# Problèmes Ipod Touch 5ème Génération



## camillou89 (7 Février 2015)

*Bonjour, 
J'ai plusieurs problèmes avec mon Ipod Touch 5ème Génération, (je précise qu'il a 3 ans).. 

Alors tous les 5 mois (environs) je dois me racheter un câble pour charger mon Ipod car il ne marche plus pourtant j'en prend soins! Du jour au lendemain mon Ipod ne reconnaît plus le câble! Donc impossible de le recharger, mais si j'éteins mon Ipod et que je le branche il s'allume automatiquement (affiche la petite pomme blanche) mais une fois allumer il ne m'affiche pas le petit éclair à côté de la batterie!! C'est très embêtant!

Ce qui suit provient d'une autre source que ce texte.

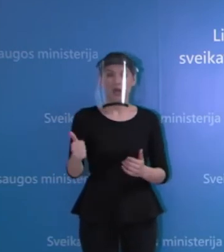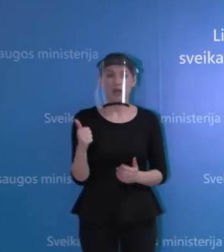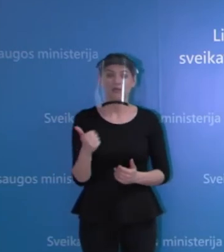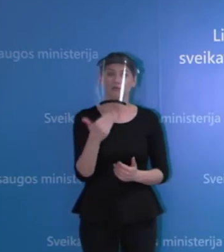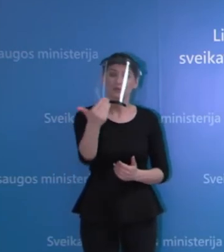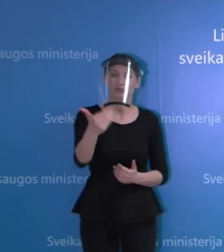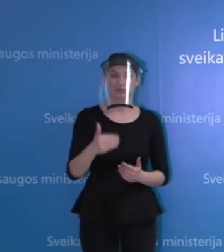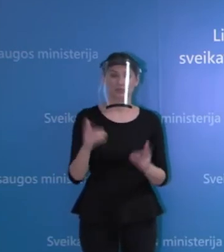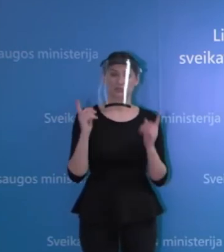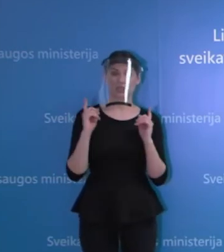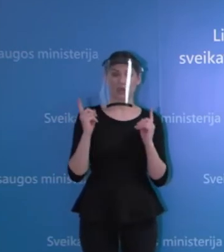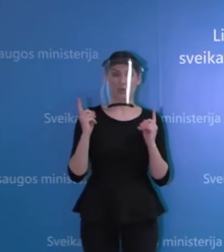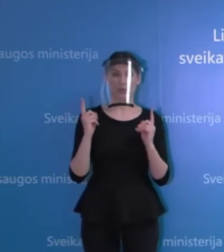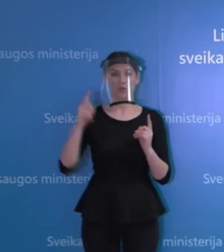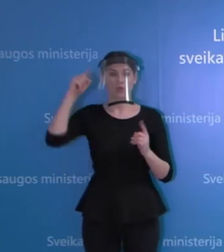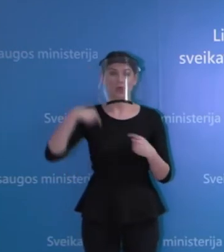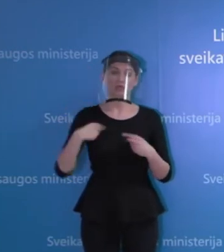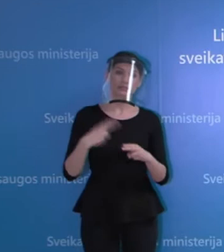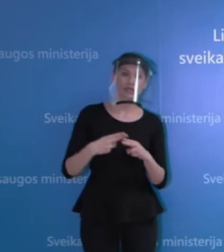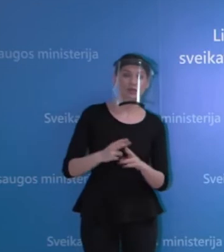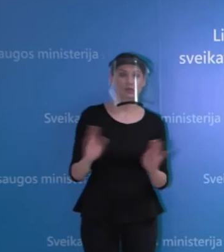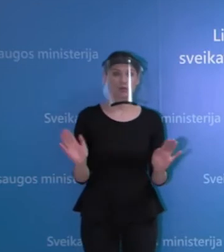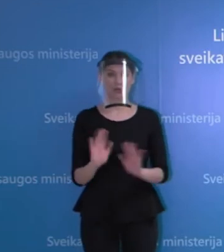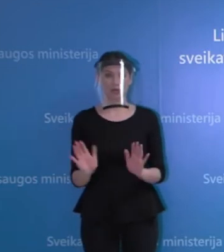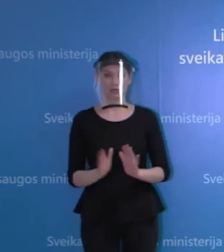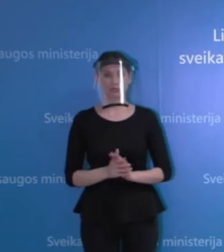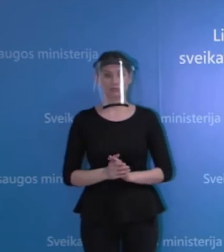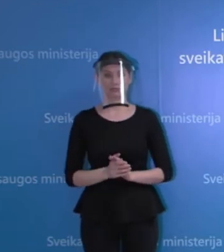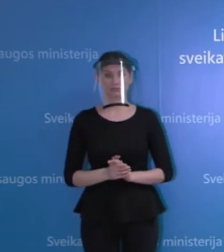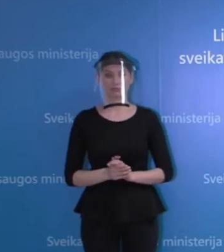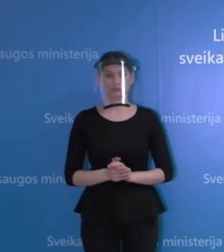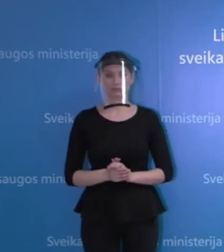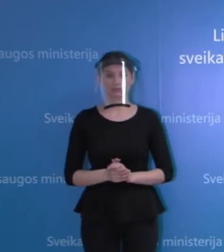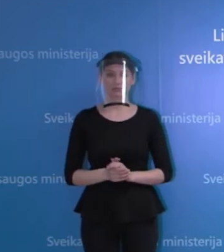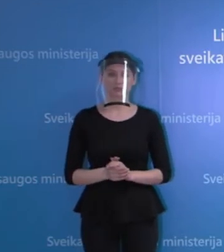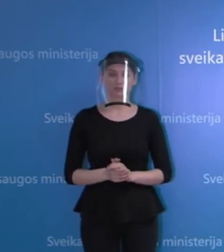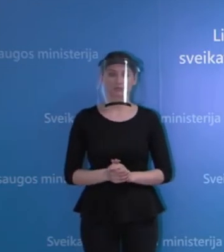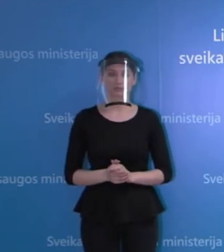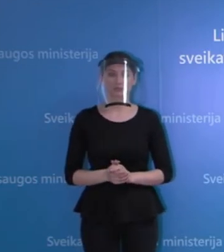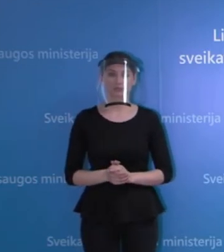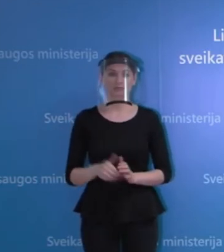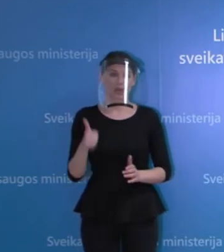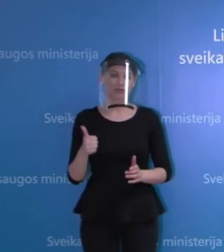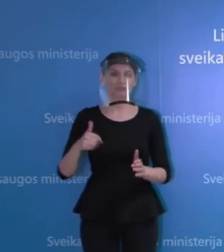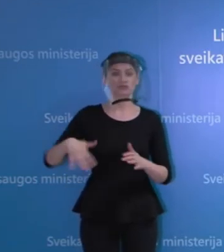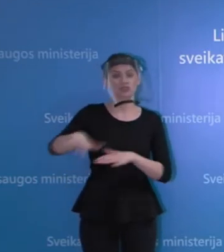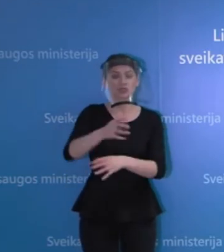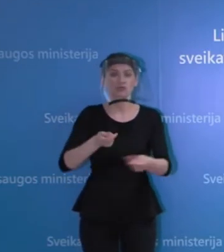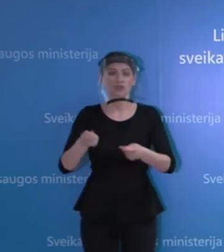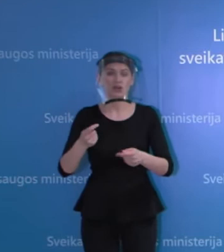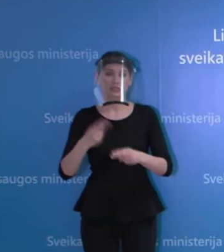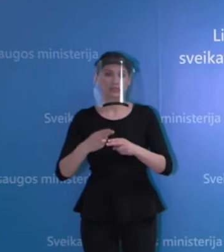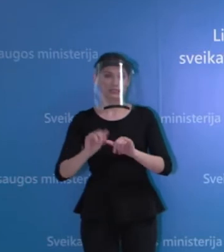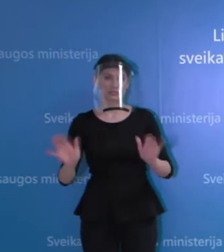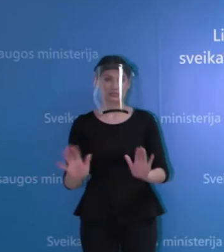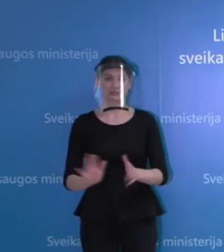labai žinoti savo situaciją ir vis tik tai tą situaciją suvaldyti. Kas galbūt dar jums

Une personne sur internet à dit qu'il fallait le brancher et débrancher plusieurs fois défilées et qu'au bout d'un moment sa charge et après sa remarche, j'ai essayer et ça a marché mais plus rien après  

Deuxième problèmes.. 
Quand je charge mon Ipod au bout de 10 min il met: charger à 100% 
C'est pas normal! Et mon Ipod se décharge TRÈS vite, si j'écoute de la musique il tient que 30 min! (Je précise que je n'ai pas la luminosité à fond!) 

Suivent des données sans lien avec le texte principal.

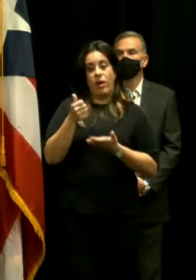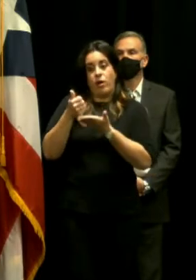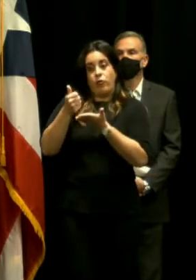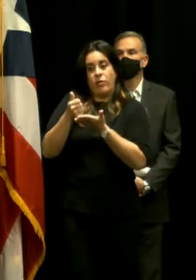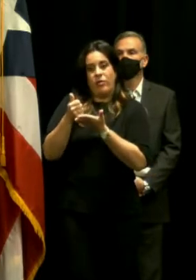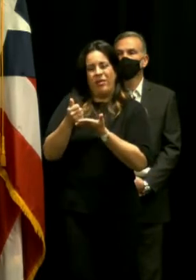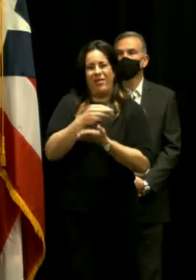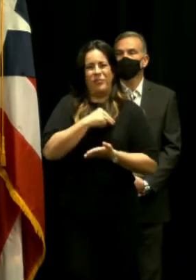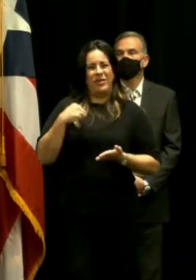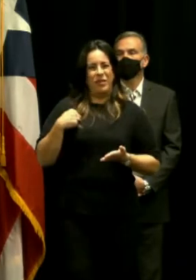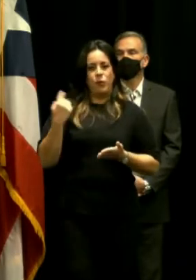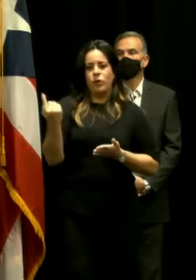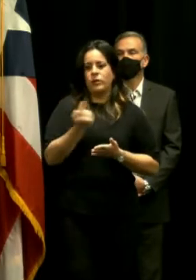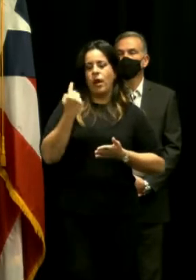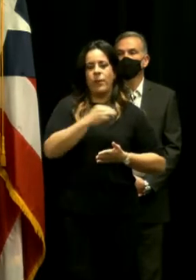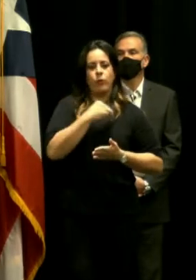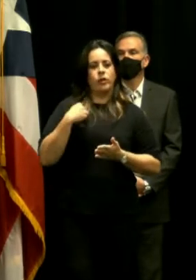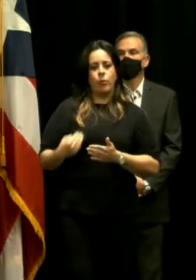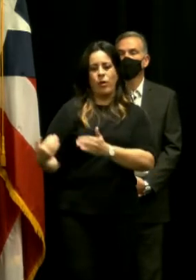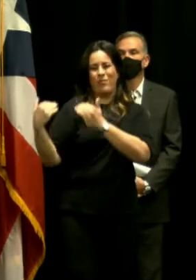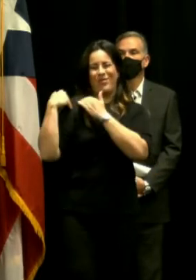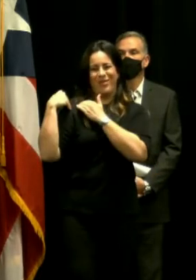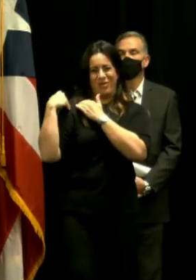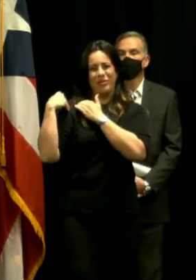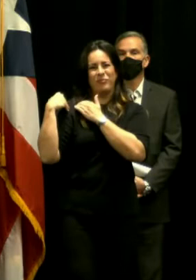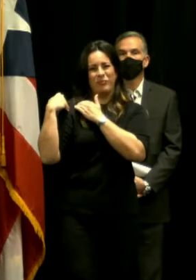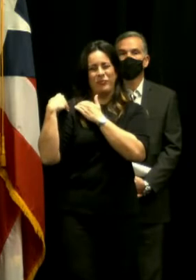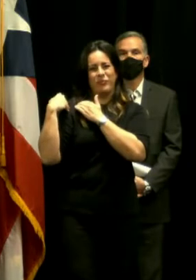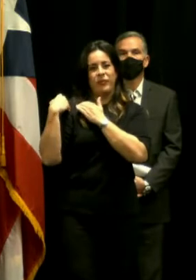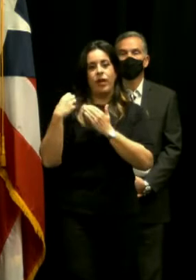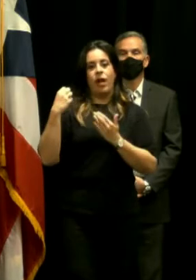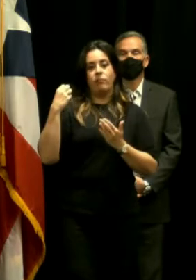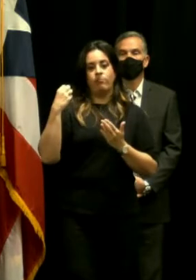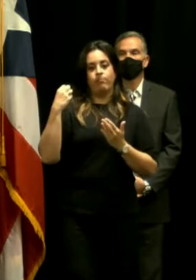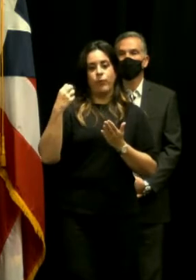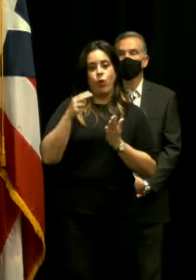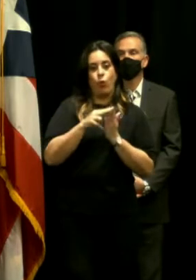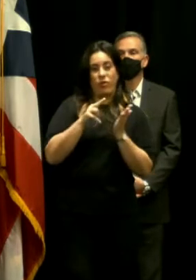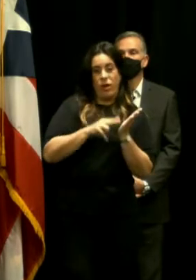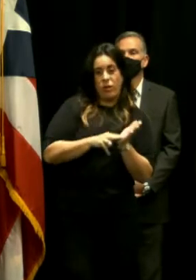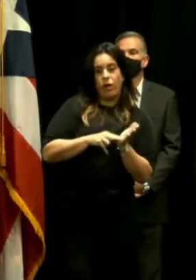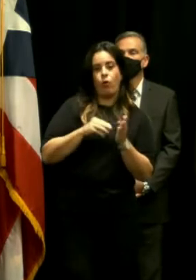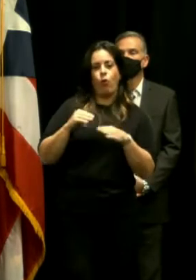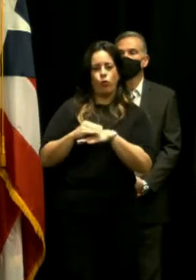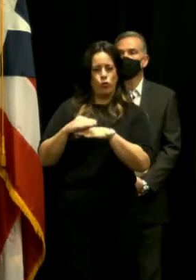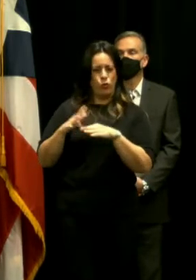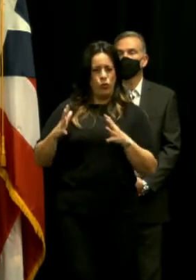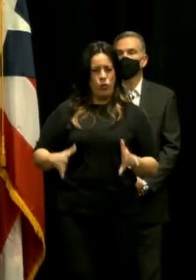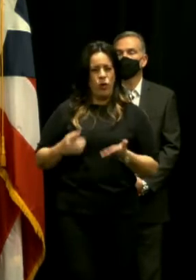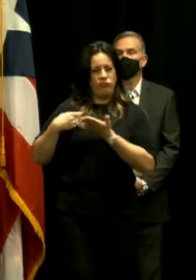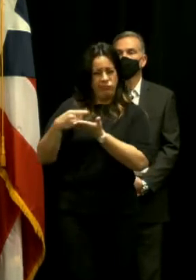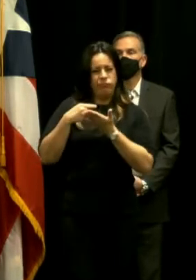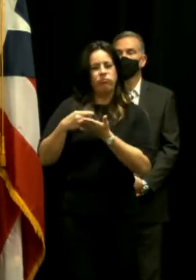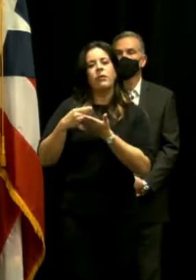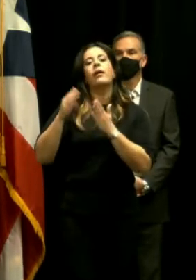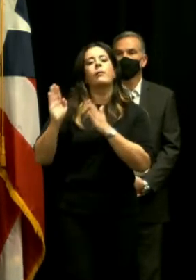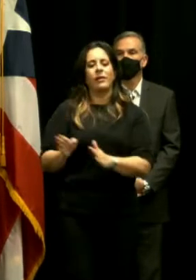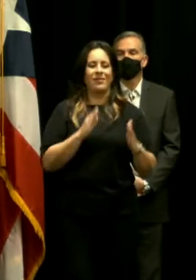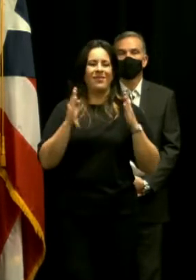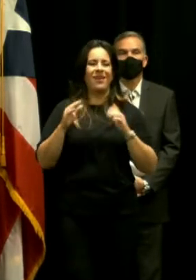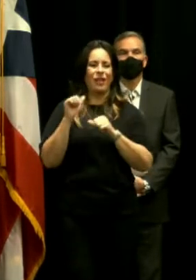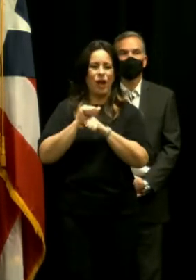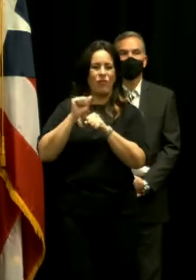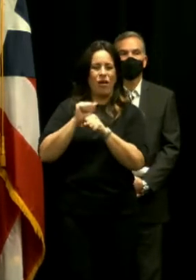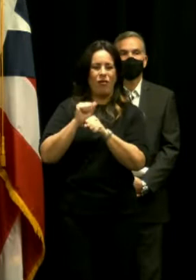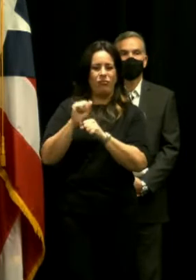siempre ha sido el municipio el que está a cargo se contrataran consultores y se y se planificara la obra

Je ne sais vraiment pas quoi faire! 

Merci d'avoir lu jusqu'ici, et désolé pour les fautes d'orthographe! *


----------



## Sly54 (7 Février 2015)

Bonjour,

Ca fait penser à une batterie morte (quasiment plus de charge -> donc très rapide à charger -> mais plus d'autonomie…)


----------



## camillou89 (7 Février 2015)

Sly54: Je ne suis plus sous garantie, donc sa coute combien d'envoyer mon Ipod pour qu'ils me changent ma batterie??


----------



## Sly54 (7 Février 2015)

Là, il faut soit téléphoner à Apple, soit passer chez un concessionnaire ou Apple store.


----------



## Vanton (13 Février 2015)

D'après cette page c'est 75€ si tu passes en centre de service ou Apple store. Et 87€ s'il y a un envoi.

http://support.apple.com/kb/index?p...cale=fr_FR&product=ipod&select=repair_pricing


----------



## medpurple (20 Février 2015)

Bonjour,

J'ai à peu près le même problème mais avec un ipod touch 4 je l'ai acheté d'occasion l'écran tactile était cassé mais pas le lcd.
Itunes reconnaissait l'ipod je n'y ai pas toucher jusqu'à installation de l'écran et depuis il n'es plus reconnu sur mon mac plus de charge non plus (il charge uniquement quand il est éteint s'allume affiche la pomme et me met un message d'alerte me disant que je n'ai que 20% de batterie).
Donc pas de fausse charge à 100% en dix minutes.
J'ai pensé au câble mais est il en cause sachant qu'il charge quand l'ipod est éteint?
Es ce que ça peu être la batterie? Si elle était morte dans ce cas pourquoi itunes ne reconnait plus mon ipod?


----------



## Vanton (1 Mars 2015)

À mon avis dans ton cas c'est l'iPod qui est mort... Si c'était un bête problème de batterie il aurait tout le temps le même comportement, qu'il soit allumé ou éteint.


----------